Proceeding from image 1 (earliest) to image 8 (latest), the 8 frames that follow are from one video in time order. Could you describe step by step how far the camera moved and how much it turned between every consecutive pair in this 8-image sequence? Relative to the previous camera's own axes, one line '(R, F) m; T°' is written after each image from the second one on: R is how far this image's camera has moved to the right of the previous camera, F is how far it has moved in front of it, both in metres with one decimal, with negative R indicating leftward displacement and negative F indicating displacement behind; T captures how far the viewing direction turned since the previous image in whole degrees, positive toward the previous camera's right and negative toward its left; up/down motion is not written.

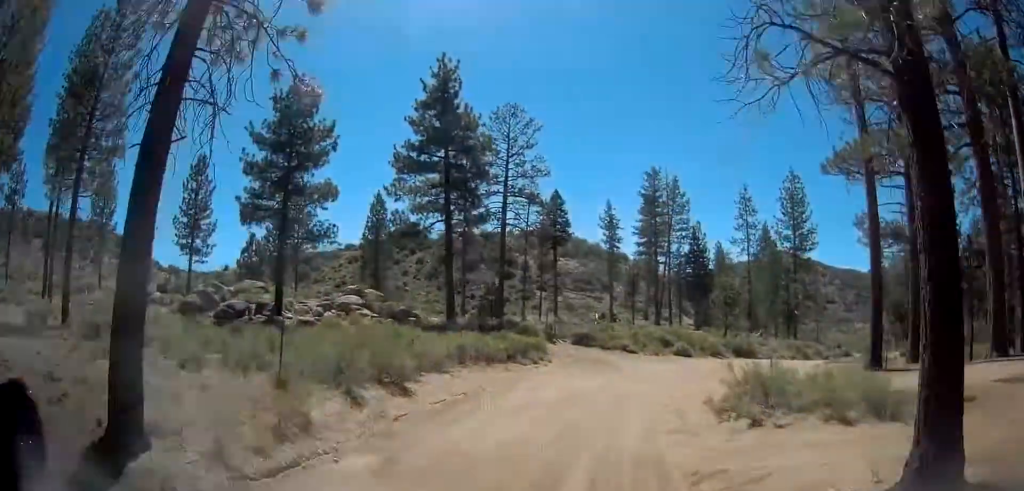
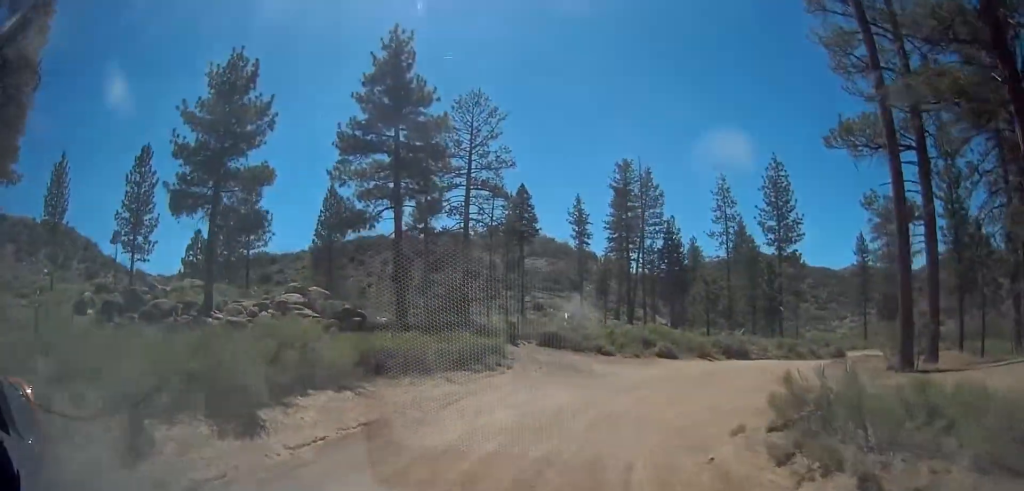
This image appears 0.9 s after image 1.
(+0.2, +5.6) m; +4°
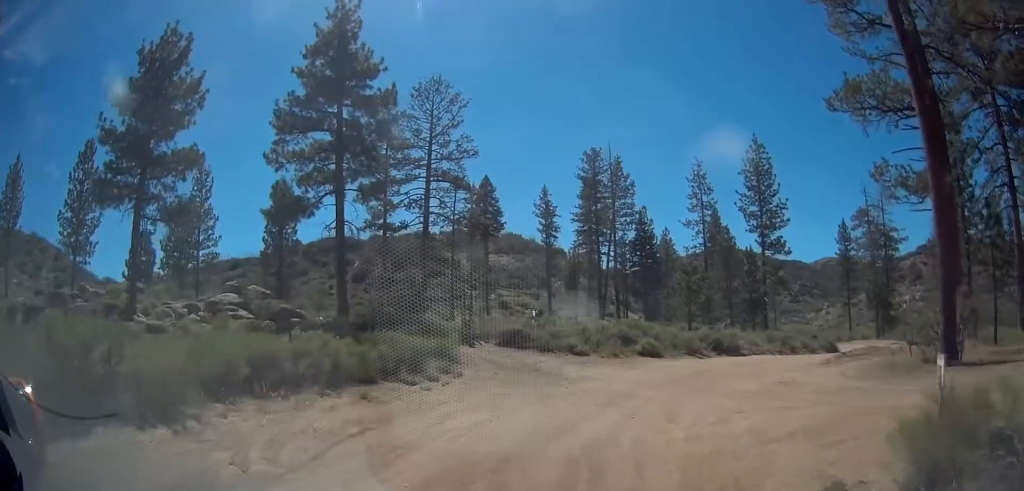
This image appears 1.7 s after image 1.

...

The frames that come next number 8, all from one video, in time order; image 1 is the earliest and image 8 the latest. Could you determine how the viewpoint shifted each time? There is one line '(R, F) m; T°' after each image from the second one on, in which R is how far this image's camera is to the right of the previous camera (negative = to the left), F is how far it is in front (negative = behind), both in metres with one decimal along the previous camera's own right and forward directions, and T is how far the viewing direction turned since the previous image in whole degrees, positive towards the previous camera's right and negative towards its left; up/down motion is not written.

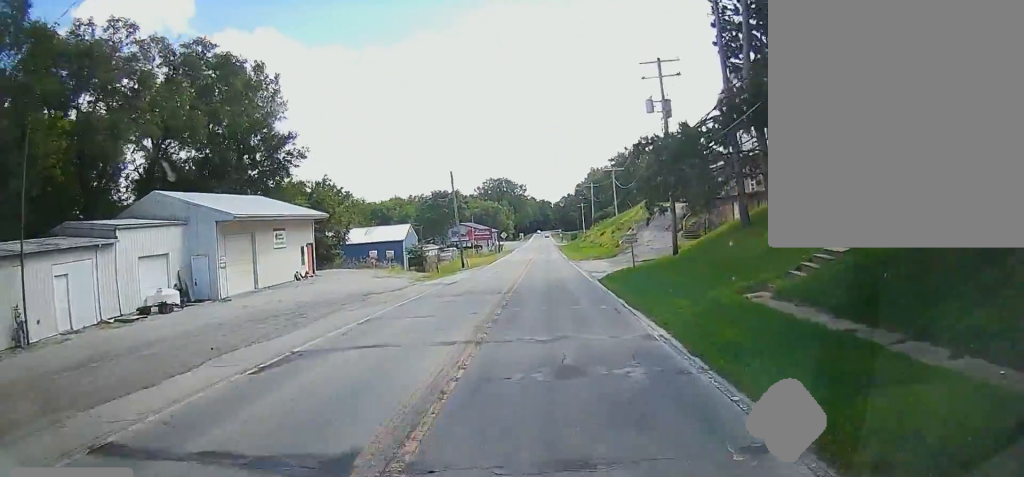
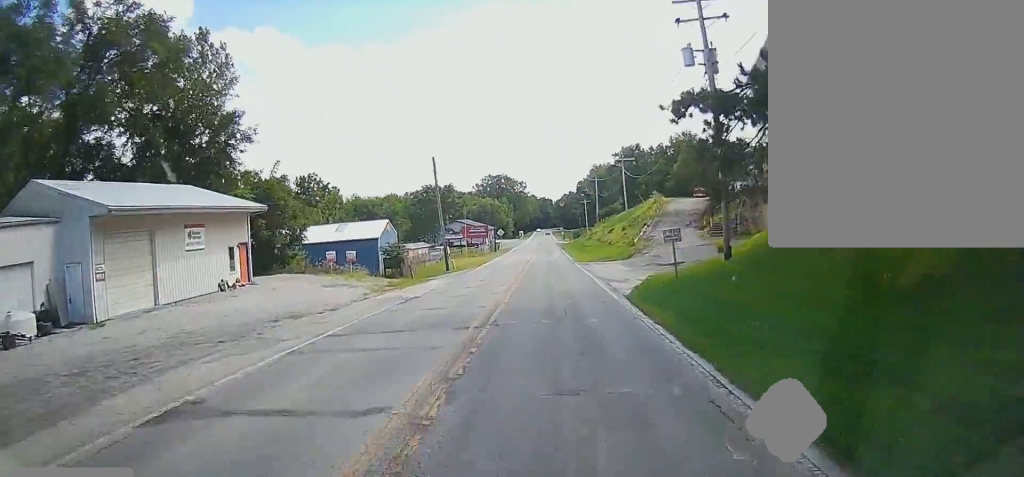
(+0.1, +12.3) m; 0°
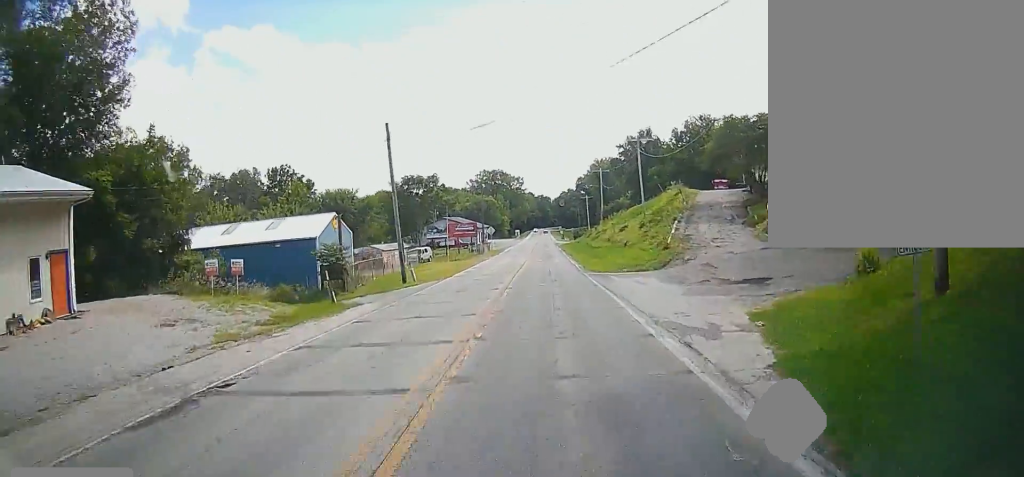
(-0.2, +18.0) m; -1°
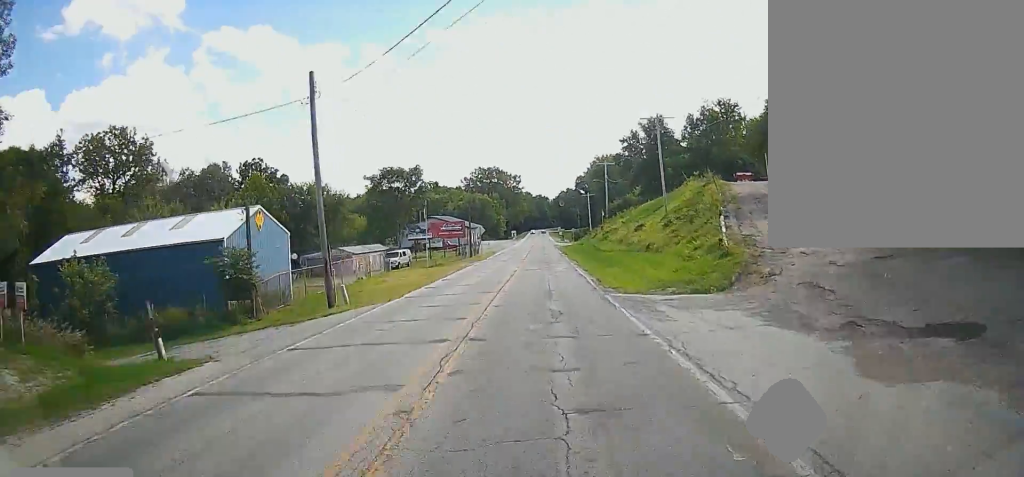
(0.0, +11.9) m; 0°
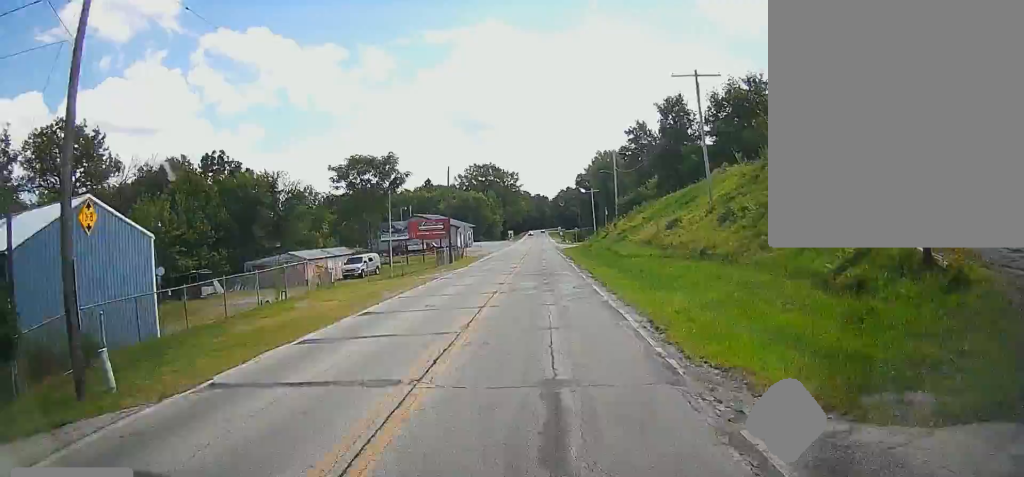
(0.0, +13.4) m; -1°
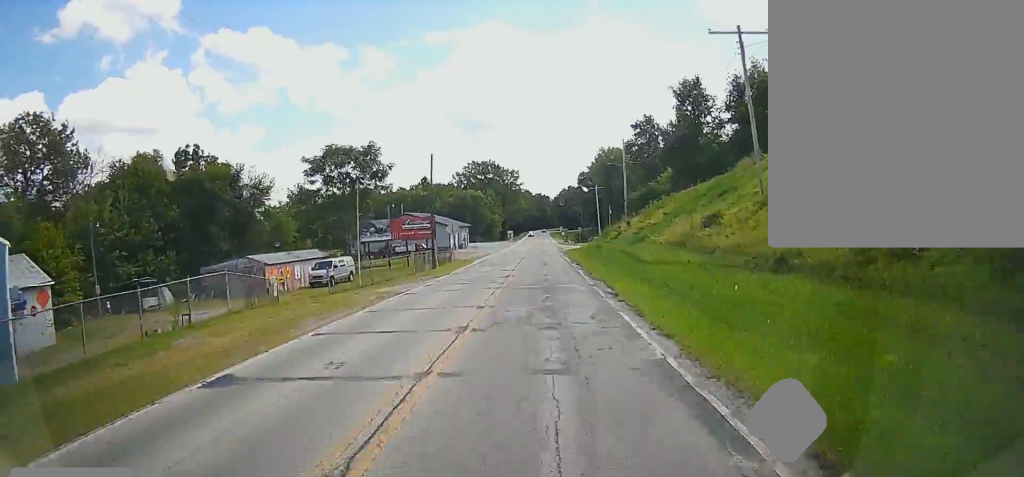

_What you have to do_.
For the entries above, print exactly the lines between the one with "This image appears 0.9 s after image 1." and the one with "This image appears 1.7 s after image 1.", inclusive, with no pictures.

_Output of the task_.
This image appears 0.9 s after image 1.
(+0.2, +5.6) m; +4°
This image appears 1.7 s after image 1.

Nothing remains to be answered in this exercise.